_Goal of the exercise_:
What's needed: every entry, printed exactly, minus the images.

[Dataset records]
—————
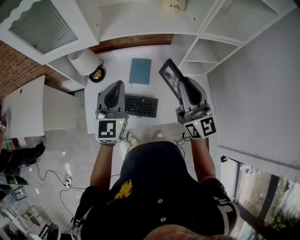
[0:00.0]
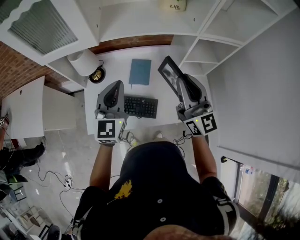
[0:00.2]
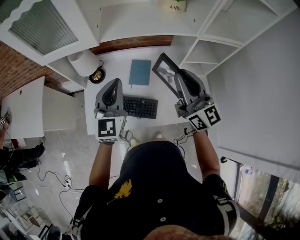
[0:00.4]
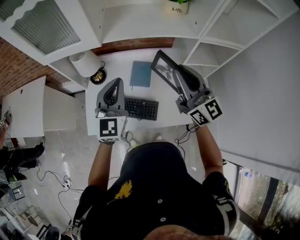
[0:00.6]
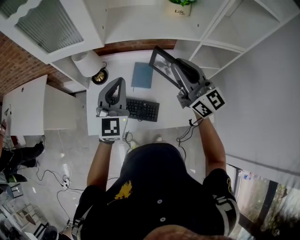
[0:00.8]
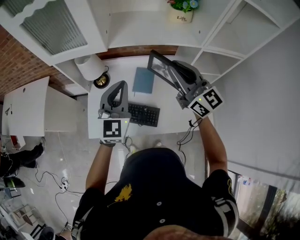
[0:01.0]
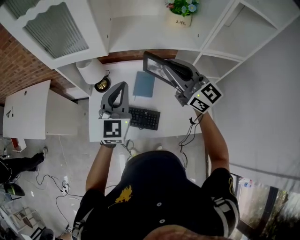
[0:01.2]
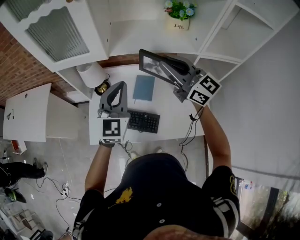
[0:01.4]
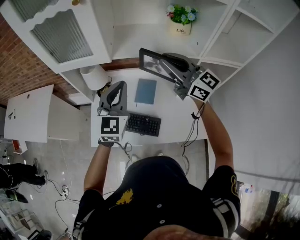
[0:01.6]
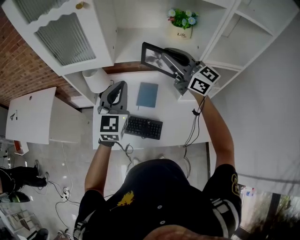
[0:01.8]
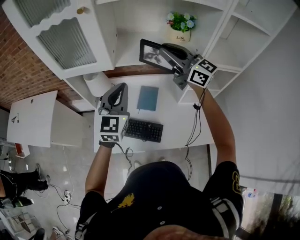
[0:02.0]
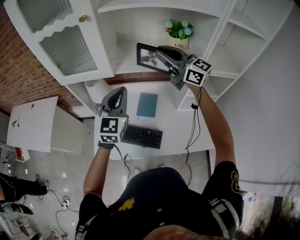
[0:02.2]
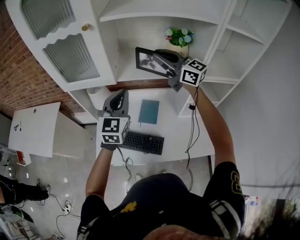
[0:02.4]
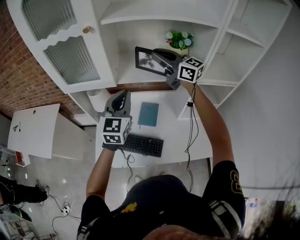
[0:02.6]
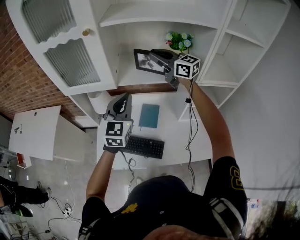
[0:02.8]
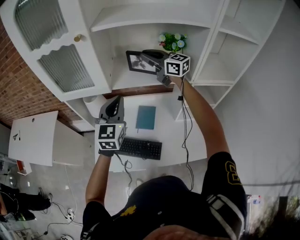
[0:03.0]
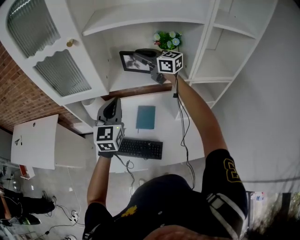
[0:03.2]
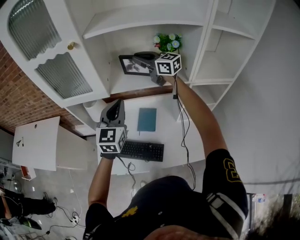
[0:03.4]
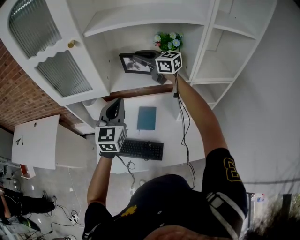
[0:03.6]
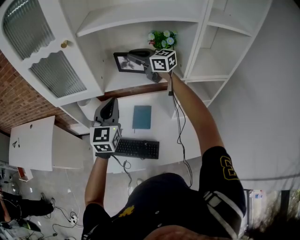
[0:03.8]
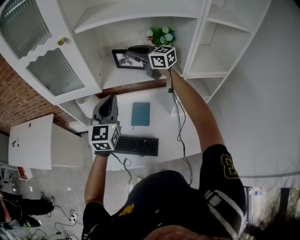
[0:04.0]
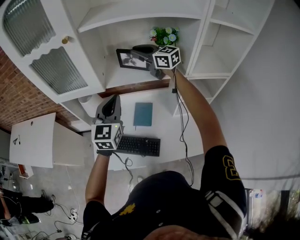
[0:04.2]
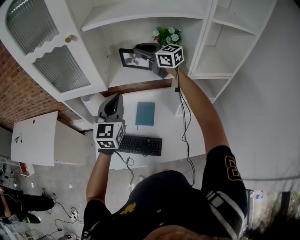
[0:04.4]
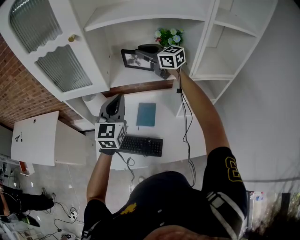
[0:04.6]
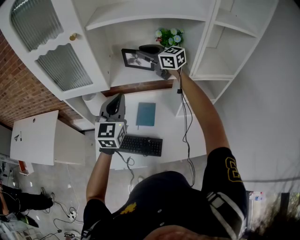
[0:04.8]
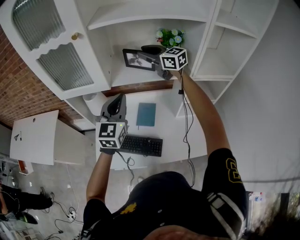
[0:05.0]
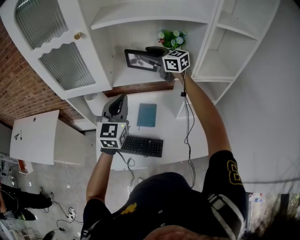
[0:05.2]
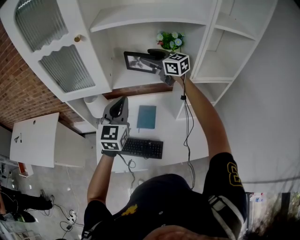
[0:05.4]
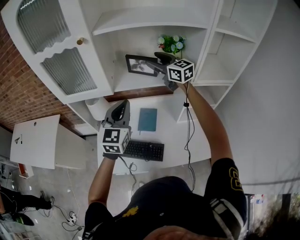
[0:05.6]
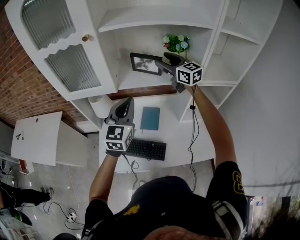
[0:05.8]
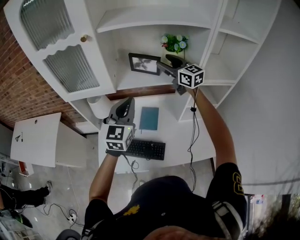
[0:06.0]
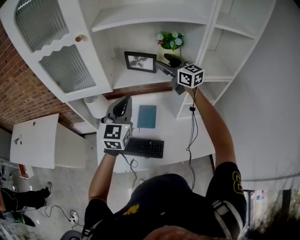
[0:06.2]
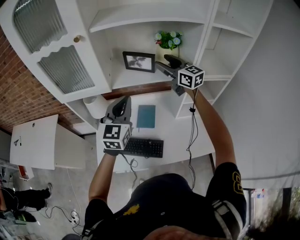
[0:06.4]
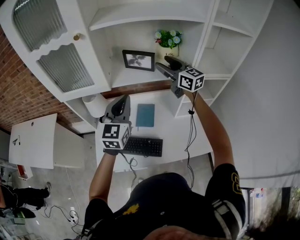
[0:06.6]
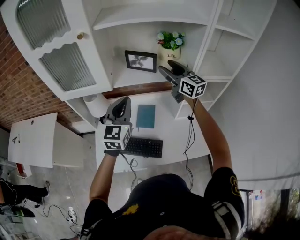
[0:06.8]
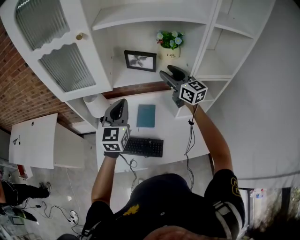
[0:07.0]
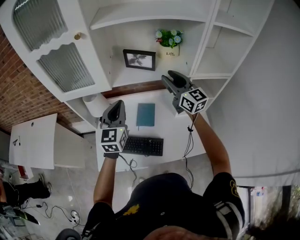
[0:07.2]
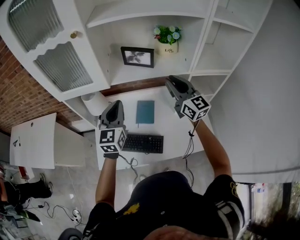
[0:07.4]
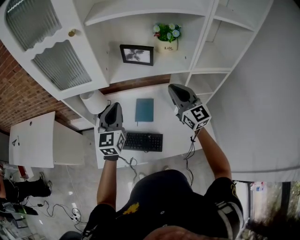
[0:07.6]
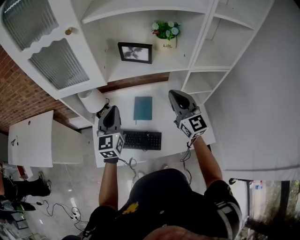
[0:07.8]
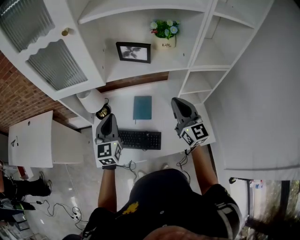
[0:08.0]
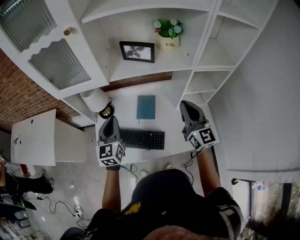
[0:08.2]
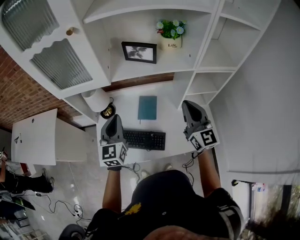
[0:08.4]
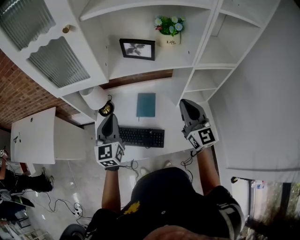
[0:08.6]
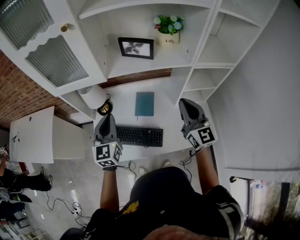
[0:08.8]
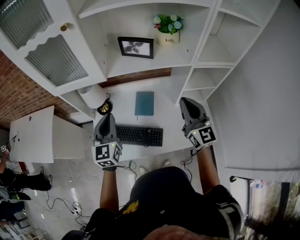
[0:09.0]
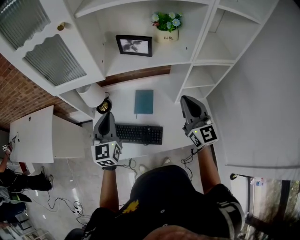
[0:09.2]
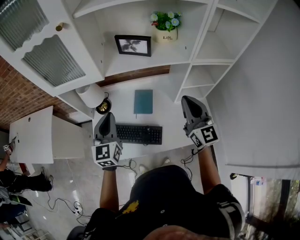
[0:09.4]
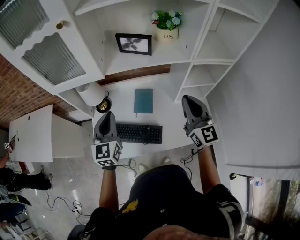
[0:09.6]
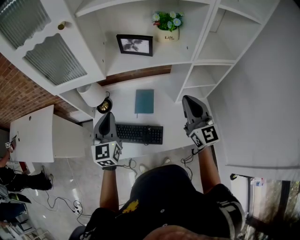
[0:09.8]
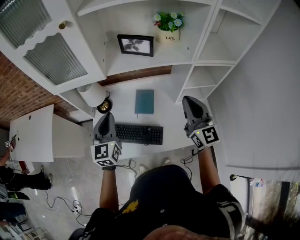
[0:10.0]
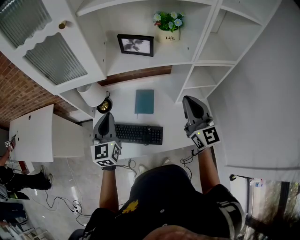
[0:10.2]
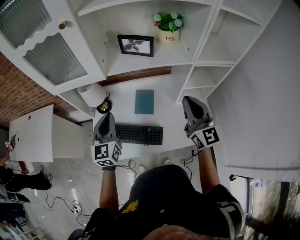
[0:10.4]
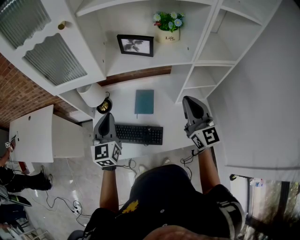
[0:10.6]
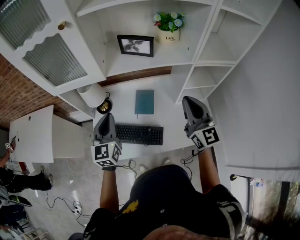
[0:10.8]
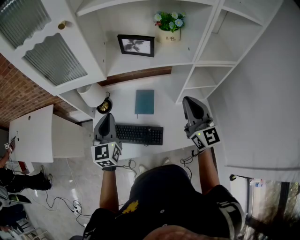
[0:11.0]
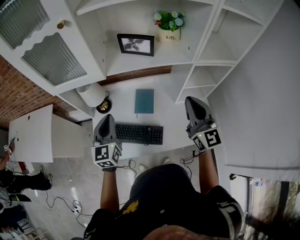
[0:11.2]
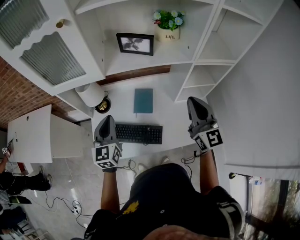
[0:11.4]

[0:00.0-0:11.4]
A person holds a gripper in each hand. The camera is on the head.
—————
_Output for this task_:
[0:00.0]
[0:00.2]
[0:00.4]
[0:00.6]
[0:00.8]
[0:01.0]
[0:01.2]
[0:01.4]
[0:01.6]
[0:01.8]
[0:02.0]
[0:02.2]
[0:02.4]
[0:02.6]
[0:02.8]
[0:03.0]
[0:03.2]
[0:03.4]
[0:03.6]
[0:03.8]
[0:04.0]
[0:04.2]
[0:04.4]
[0:04.6]
[0:04.8]
[0:05.0]
[0:05.2]
[0:05.4]
[0:05.6]
[0:05.8]
[0:06.0]
[0:06.2]
[0:06.4]
[0:06.6]
[0:06.8]
[0:07.0]
[0:07.2]
[0:07.4]
[0:07.6]
[0:07.8]
[0:08.0]
[0:08.2]
[0:08.4]
[0:08.6]
[0:08.8]
[0:09.0]
[0:09.2]
[0:09.4]
[0:09.6]
[0:09.8]
[0:10.0]
[0:10.2]
[0:10.4]
[0:10.6]
[0:10.8]
[0:11.0]
[0:11.2]
[0:11.4]

[0:00.0-0:11.4]
A person holds a gripper in each hand. The camera is on the head.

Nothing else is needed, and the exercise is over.